Die Ministerin besuchte die Polizeiinspektionen Bad
Deutsch-Altenburg in Niederösterreich und Frauenkirchen im
Burgenland, wo sie sich mit Soldaten und Polizisten traf, die im
Grenzbereich zusammen gearbeitet hatten. "Ich danke den Angehörigen
des österreichischen Bundesheeres, dass sie die Polizistinnen und
Polizisten bei den Sicherheitsaufgaben im Grenzgebiet unterstützt
haben", sagte die Innenministerin. "Die Sicherheit der Bevölkerung
ist aber auch nach Beendigung des Assistenzeinsatzes weiterhin
gewährleistet. Mit der Gründung der Soko Ost und der Soko Kfz sowie
den Polizeiinspektionen für Ausgleichsmaßnahmen haben wir wichtige
Schritte für die Kriminalitätsbekämpfung gesetzt."

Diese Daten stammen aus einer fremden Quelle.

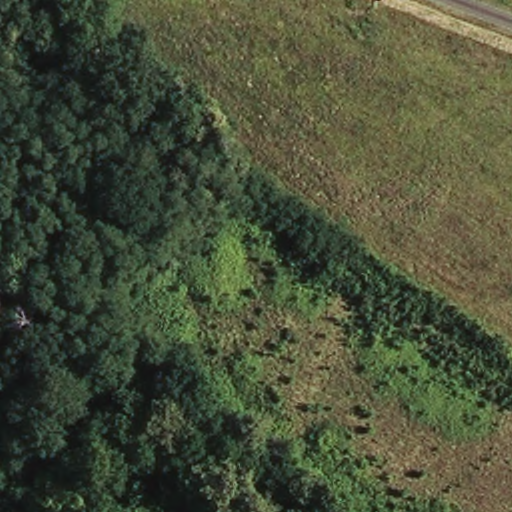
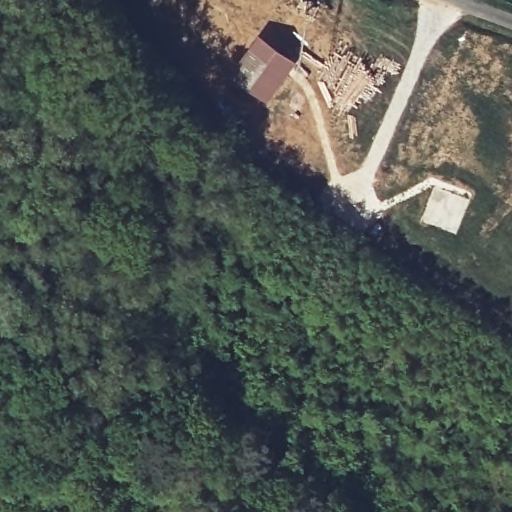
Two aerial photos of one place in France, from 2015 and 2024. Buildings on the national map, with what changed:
new [(257,34),(296,62),(265,102),(227,75),(257,34)]

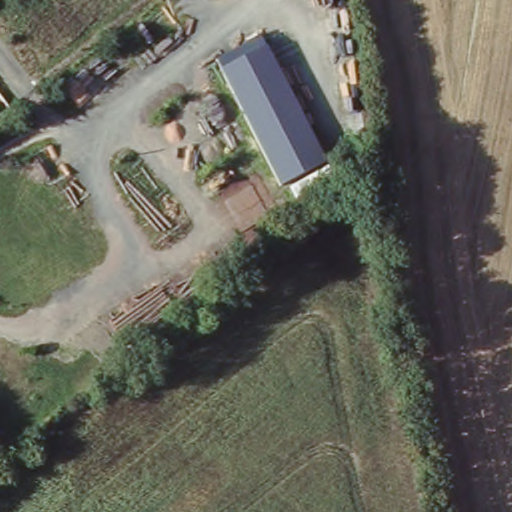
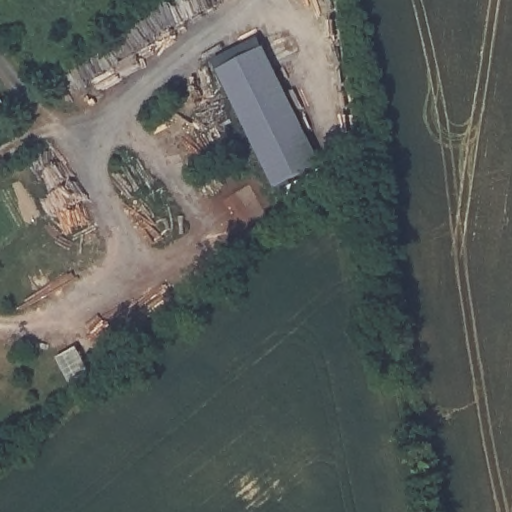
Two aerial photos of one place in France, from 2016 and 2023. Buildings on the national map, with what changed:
unchanged [(261,41),(322,159),(278,180),(216,63),(261,41)]

Durch die Schwerpunktaktionen der Soko Ost und die Zusammenarbeit
mit den Polizeikräften in den Bundesländern werden der Fahndungsdruck
auf Straftäter erhöht und kriminelle Strukturen gestört. Auch das vom
Bundeskriminalamt ausgearbeitete Maßnahmenpaket mit intensiven
Strukturermittlungen und deren konsequente Umsetzung zeigte deutliche
Wirkung. "Die erfolgreichen Polizistinnen und Polizisten der Soko Kfz
haben maßgeblich dazu beigetragen, dass Österreich für viele
Autodiebe mittlerweile ein zu heißes Pflaster ist und sie unser Land
meiden", sagte Mikl-Leitner.
Mit dem Wegfall der Kontrollen an den Grenzen zu Tschechien,
Slowenien, Ungarn und zur Slowakei im Zuge der Schengen-Erweiterung
wurden Fachinspektionen für Ausgleichsmaßnahmen (AGM) eingerichtet.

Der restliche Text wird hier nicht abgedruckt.